While human centricity and fairness need to reside at the core of the proposed framework, transparency must also be considered. Users need a method of verifying for themselves the amount of payment received and be able to connect their behaviour on an online platform to the obtained revenue, in a clearly interpretable manner. We discuss how to do this via an accounting meta-data layer at the end of the article.

Ii Background

In the Background section, we introduce the Contribution-Reward framework and describe the setting for our two algorithms – a recommender system generating recommendations for the users of an online movie streaming service. We also introduce the Shapley value, as the backbone of the first proposed algorithm and also an accepted point of reference in terms of fair credit distribution. The section ends with a toy example that shows how the exact Shapley value is computed in a simple two-user setting.

Ii-a The Contribution-Reward Framework

Fig. 1: The Contribution-Reward framework. In establishing the proportion of each user’s contribution, one first determines important features or relevant measures that result in revenue. One such measure could be the number of useful recommendations obtained from a recommender system. After a measure or relevant feature has been identified, user contributions to it are computed and users are ordered in a hierarchy. Based on their place in the value hierarchy, they are remunerated.

The proposed Contribution-Reward framework, depicted in Fig. 1, aims to provide users with a remuneration scheme that is both fair and sustainable. With usage, the service gathers and stores relevant data. Based on the data type, a number of important features are chosen and the contribution of each user to the said features is estimated. Finally, the user receives a repayment from the platform, proportional to their estimated contribution. The difficulty of finding the said estimation resides in the need to first observe which are the relevant features that make a data set valuable.
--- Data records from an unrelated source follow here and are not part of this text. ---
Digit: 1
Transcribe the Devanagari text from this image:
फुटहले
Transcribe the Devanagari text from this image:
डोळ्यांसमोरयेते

In the case of recommendation data, for example, it could be that users voting for the most popular movies, thus contributing to an already existing hierarchy, are considered more valuable, or on the contrary, users reviewing items which are initially unpopular could bring an element of novelty, and thus a higher overall value. On the other hand, if the accuracy and update rate of the data set are essential, for example in traffic applications, users with a higher contribution frequency may be considered of higher value.

It thus becomes clear that user value depends on the structure of the data and its intended use. Due to this subjective nature, deriving a generally-applicable valuation framework is not a straightforward task. The question we raise here is two-fold: first, how can one determine a hierarchy of value for a given set of users and a particular use case (recommender systems) and second, how can one quantify the position of each user in the value hierarchy? An answer to the second question is of particular importance, since if one can assign scores to users, based on their contributions, one can then define a mapping from these scores to an actual financial amount.
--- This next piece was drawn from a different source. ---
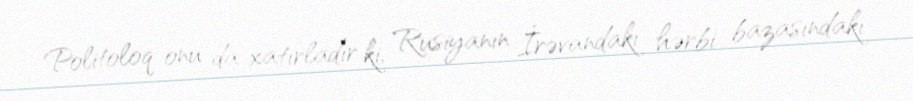
Politoloq onu da xatırladır ki, Rusiyanın İrəvandakı hərbi bazasındakı
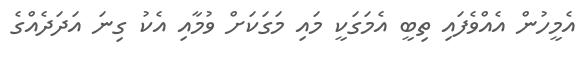
އެމީހުން އެއްވެފައި ތިބީ އެމަގަކީ މައި މަގަކަށް ވުމާއި އެކު ގިނަ އަދަދެއްގެ

For the rest of this paper, the setting is thus fixed: a recommender system is trained on a training set, consisting of movie reviews, and then makes predictions on a separate test set. If the recommendations made to a user, on the test set, have an error below a fixed threshold, we consider that there is a high likelihood that the user will want to watch the recommended item. We refer to these recommendations as ”clicks”. As such, when we say: ”user A has generated 5 clicks”, this is to be interpreted as ”the recommender has made 5 recommendations to user A, all with an error below our set threshold”. Clicks here play the role of the important feature in the Contribution-Reward framework.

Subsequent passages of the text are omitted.